Attendants Not Entitled to Compensation for Driving People with Disabilities to Medical Appointments

The 10th Circuit Court of Appeals upholds a federal district court’s decision to dismiss a case brought by a Colorado woman with disabilities who alleged discrimination after the state refused to compensate her personal care attendant for their time driving her to medical appointments.  Taylor v. Colorado Department of Health Care Policy and Financing (10th Cir., No. 14-1161, Jan. 26, 2016).
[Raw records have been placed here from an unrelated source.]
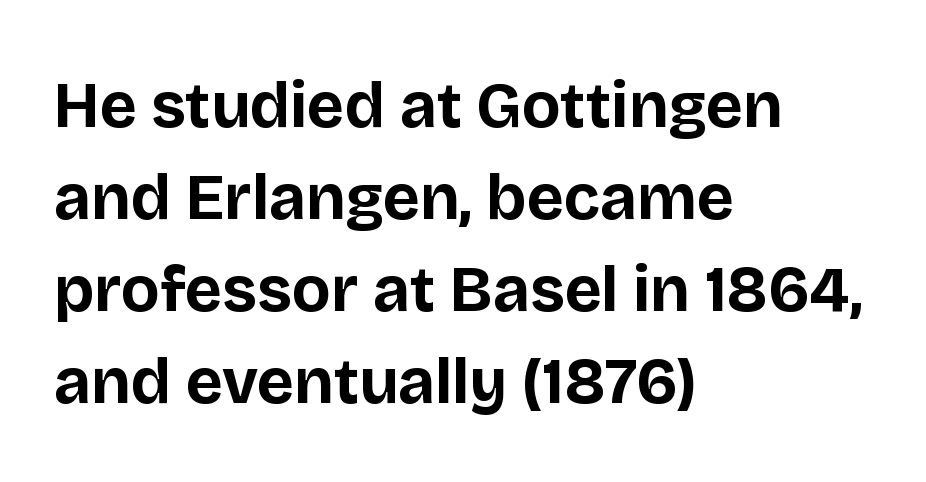
{"serif": "no", "italic": "no", "bold": "yes", "weight": "bold", "width": "normal", "stroke_contrast": "low", "x_height": "large", "monospaced": "no", "underline": "no", "align": "left", "line_spacing": "normal", "line_spacing_ratio": 1.44, "letter_spacing": "normal", "letter_spacing_em": 0.0, "glyph_px": 64}
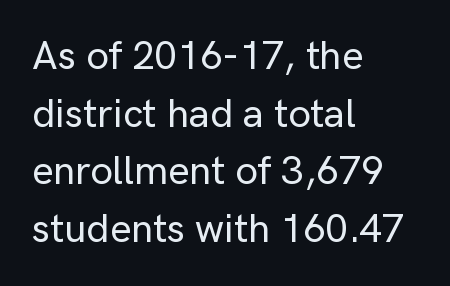
You can tell it's not italic because the verticals are truly vertical. The strip under each line holds only bare page. Layout note: lines flush left. Students, note that the glyphs here touch the page at normal intervals. Is this a fixed-width face? No — the glyphs have proportional, varying widths. Grotesque or geometric, the face here clearly has no serifs.
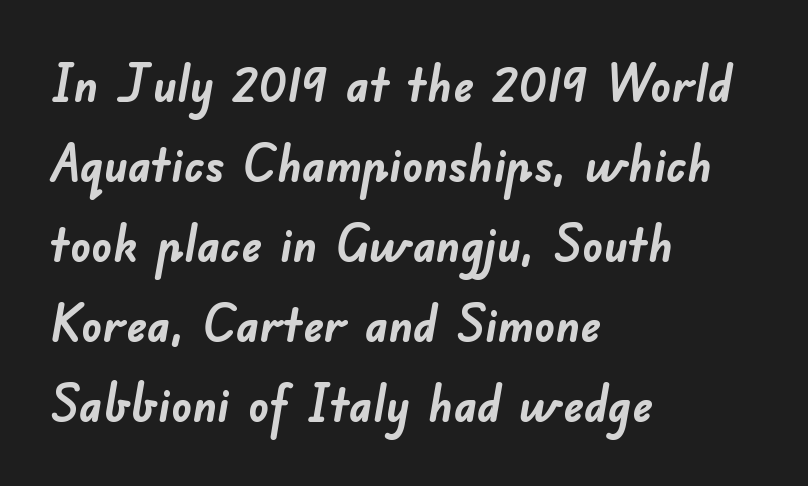
Q: Is the text bold? A: Yes.
Q: Is the typeface a serif or a sans-serif typeface? A: Sans-serif.
Q: Is the text underlined? A: No.
Q: How is the paragraph aligned? A: Left-aligned.
Q: Is the spacing between letters normal or unusually wide? A: Normal.
Q: Is the spacing between lines tight, normal or loose? A: Normal.
Q: Width (condensed, normal, or wide)? A: Normal.
Q: Stroke contrast? A: Low.
Q: x-height? A: Small.
Q: Monospaced? A: No.
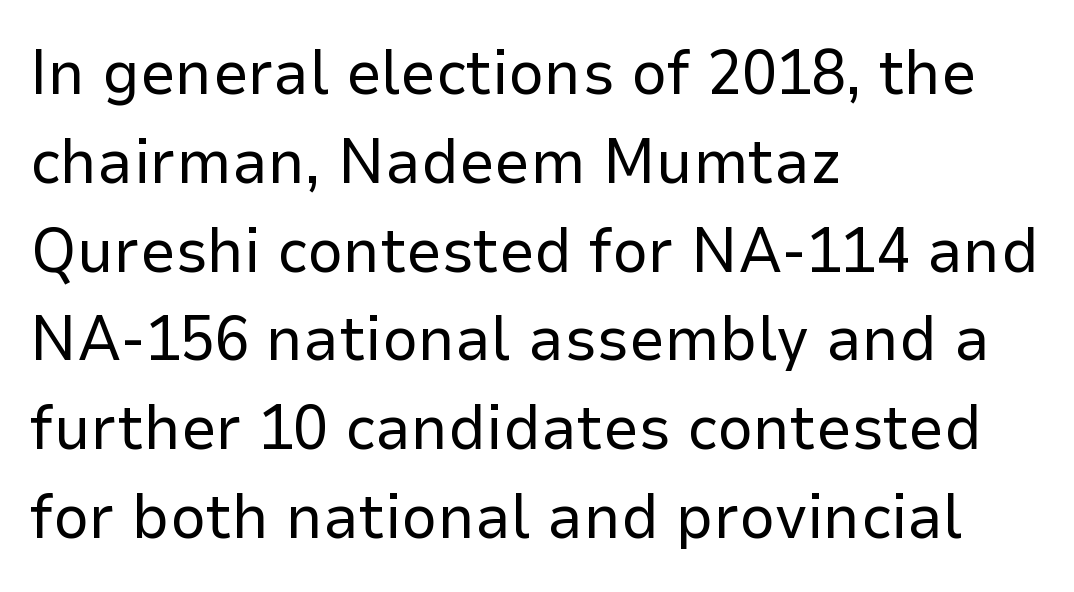
{"serif": "no", "italic": "no", "bold": "no", "weight": "regular", "width": "normal", "stroke_contrast": "low", "x_height": "medium", "monospaced": "no", "underline": "no", "align": "left", "line_spacing": "normal", "line_spacing_ratio": 1.41, "letter_spacing": "normal", "letter_spacing_em": 0.0, "glyph_px": 63}
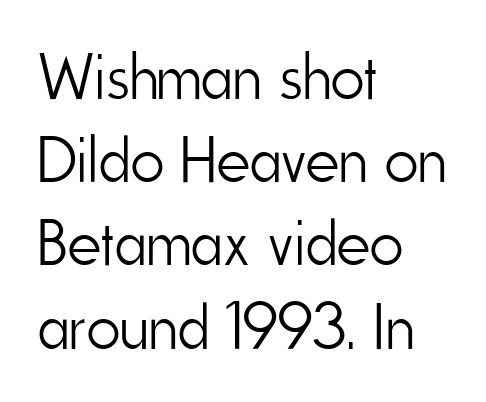
{"serif": "no", "italic": "no", "bold": "no", "weight": "light", "width": "condensed", "stroke_contrast": "low", "x_height": "small", "monospaced": "no", "underline": "no", "align": "left", "line_spacing": "normal", "line_spacing_ratio": 1.28, "letter_spacing": "normal", "letter_spacing_em": 0.0, "glyph_px": 65}
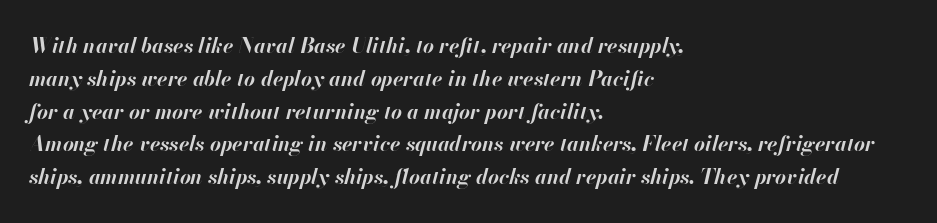
Q: Is the text bold? A: Yes.
Q: Is the text italic (slanted)? A: Yes, it leans right by about 13 degrees.
Q: Is the text underlined? A: No.
Q: How is the paragraph aligned? A: Left-aligned.
Q: Is the spacing between letters normal or unusually wide? A: Normal.
Q: Is the spacing between lines tight, normal or loose? A: Normal.
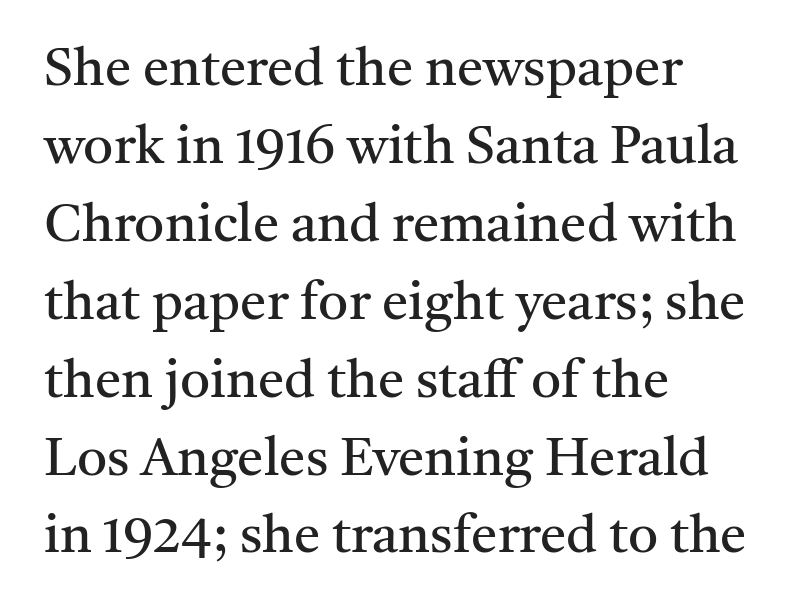
The image shows 53 px regular-weight serif type, upright; set left-aligned, normal line spacing (1.47x), normal letter spacing, not underlined; medium stroke contrast and a medium x-height.
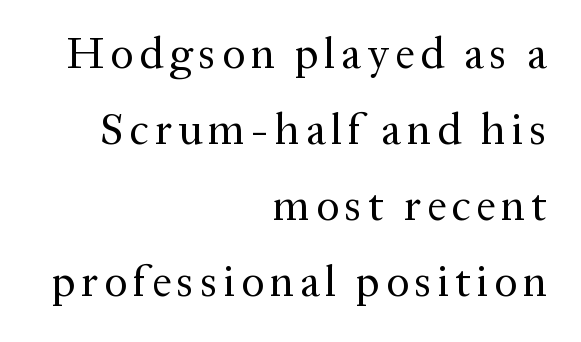
The face used here is proportionally spaced, like ordinary book or web type. This is the regular roman posture of the typeface. The font family rendered here belongs to the serif group. The typesetter chose a ragged-left arrangement here. Decoration check: the copy has no underline.
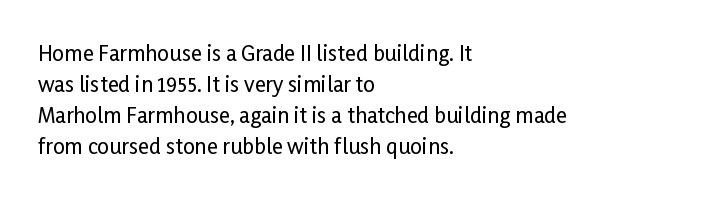
Q: Is the text italic (slanted)? A: No, it is upright.
Q: Is the text underlined? A: No.
Q: How is the paragraph aligned? A: Left-aligned.
Q: Is the spacing between letters normal or unusually wide? A: Normal.
Q: Is the spacing between lines tight, normal or loose? A: Normal.
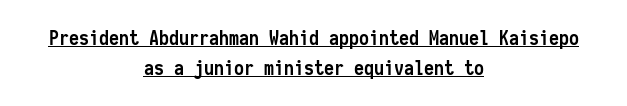
The image shows 20 px bold type, upright; set centered, normal line spacing (1.5x), normal letter spacing, underlined.
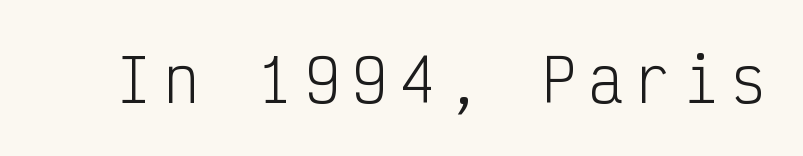
{"serif": "no", "italic": "no", "bold": "no", "weight": "light", "width": "condensed", "stroke_contrast": "low", "x_height": "medium", "monospaced": "yes", "underline": "no", "letter_spacing": "wide", "letter_spacing_em": 0.2, "glyph_px": 59}
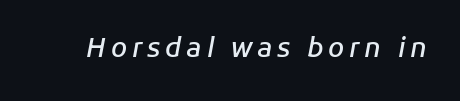
{"italic": "yes", "lean": "right", "slant_degrees": 11, "bold": "semi", "underline": "no", "glyph_px": 26}
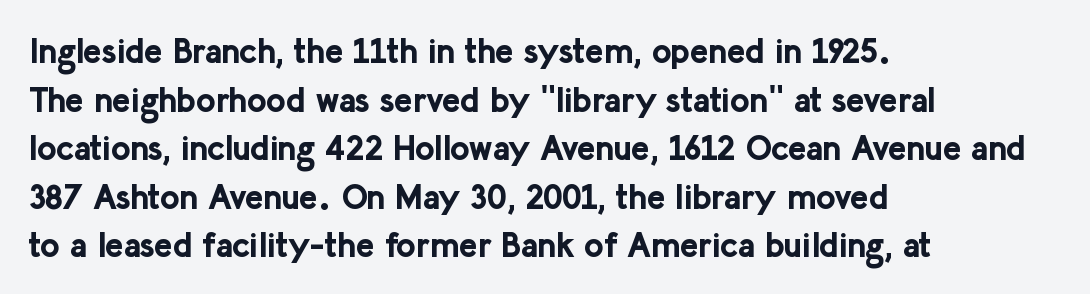
The image shows 34 px bold sans-serif type, upright; set left-aligned, normal line spacing (1.43x), normal letter spacing, not underlined; low stroke contrast and a medium x-height.
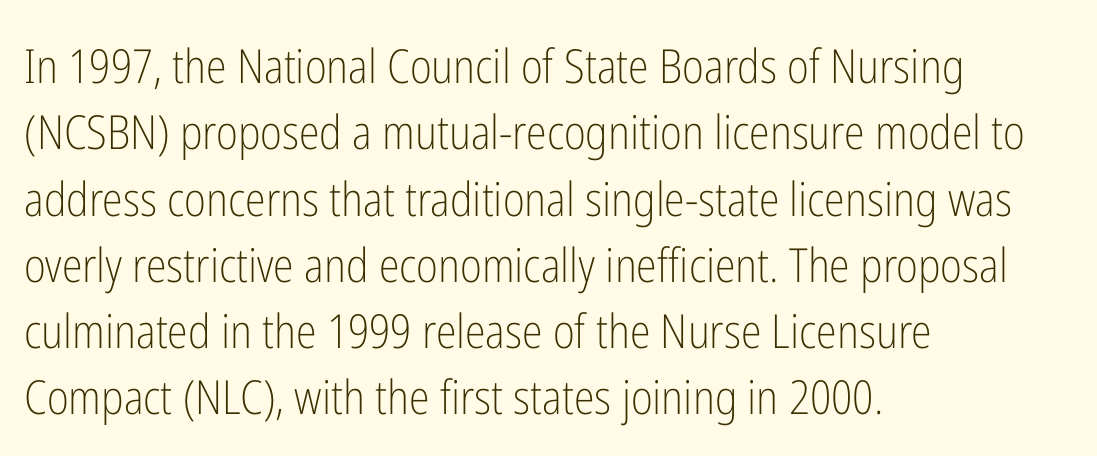
Q: Is the text bold? A: No.
Q: Is the text italic (slanted)? A: No, it is upright.
Q: Is the typeface a serif or a sans-serif typeface? A: Sans-serif.
Q: Is the text underlined? A: No.
Q: How is the paragraph aligned? A: Left-aligned.
Q: Is the spacing between letters normal or unusually wide? A: Normal.
Q: Is the spacing between lines tight, normal or loose? A: Normal.
Q: Width (condensed, normal, or wide)? A: Condensed.
Q: Stroke contrast? A: Low.
Q: x-height? A: Medium.
Q: Monospaced? A: No.

Leslie Taylor receives Medicaid services because of a disability that confines her to a wheelchair and prevents her from driving.  Ms. Taylor works with two personal care attendants, who are paid through the Colorado Consumer Directed Attendant Support Services (CDASS) program but are not paid for driving beneficiaries to medical appointments.  A second state program, the Non-Emergency Medical Transportation (NEMT) program, reimburses drivers in rural counties up to $0.39 per mile for transporting Medicaid recipients to medical appointments.  Ms. Taylor asked the state to combine the two programs in order to compensate her not just for her mileage but pay her attendants for their time driving her to medical appointments.  When the state refused, Ms. Taylor filed suit against the state in federal court, alleging discrimination based on her disability.  Her claims were dismissed.

On appeal, Ms. Taylor claimed that the state was required to fully compensate her for personal care attendant services, that its failure to modify the transportation program to fit her needs was discriminatory and that the agency treated her differently than other similarly situated Medicaid recipients who did receive transportation payments.

The 10th Circuit Court of Appeals upholds the district court’s ruling.  The court states that “[n]either the Americans with Disabilities Act nor the Rehabilitation Act requires Medicaid programs to compensate the disabled for all of their transportation costs.  Though the per-mile reimbursement was inadequate for Ms. Taylor, that inadequacy does not make the reimbursement discriminatory.”  In addition, the court finds that “‘an accommodation only is required when necessary to avoid discrimination on the basis of a disability.’  Under this standard, Ms. Taylor cannot prevail because the requested accommodation (payment of her attendants to drive to medical appointments) was not available to anyone, disabled or not.  Thus, Colorado was not obligated to alter its Medicaid programs by creating a new benefit previously unavailable to any Medicaid recipients.”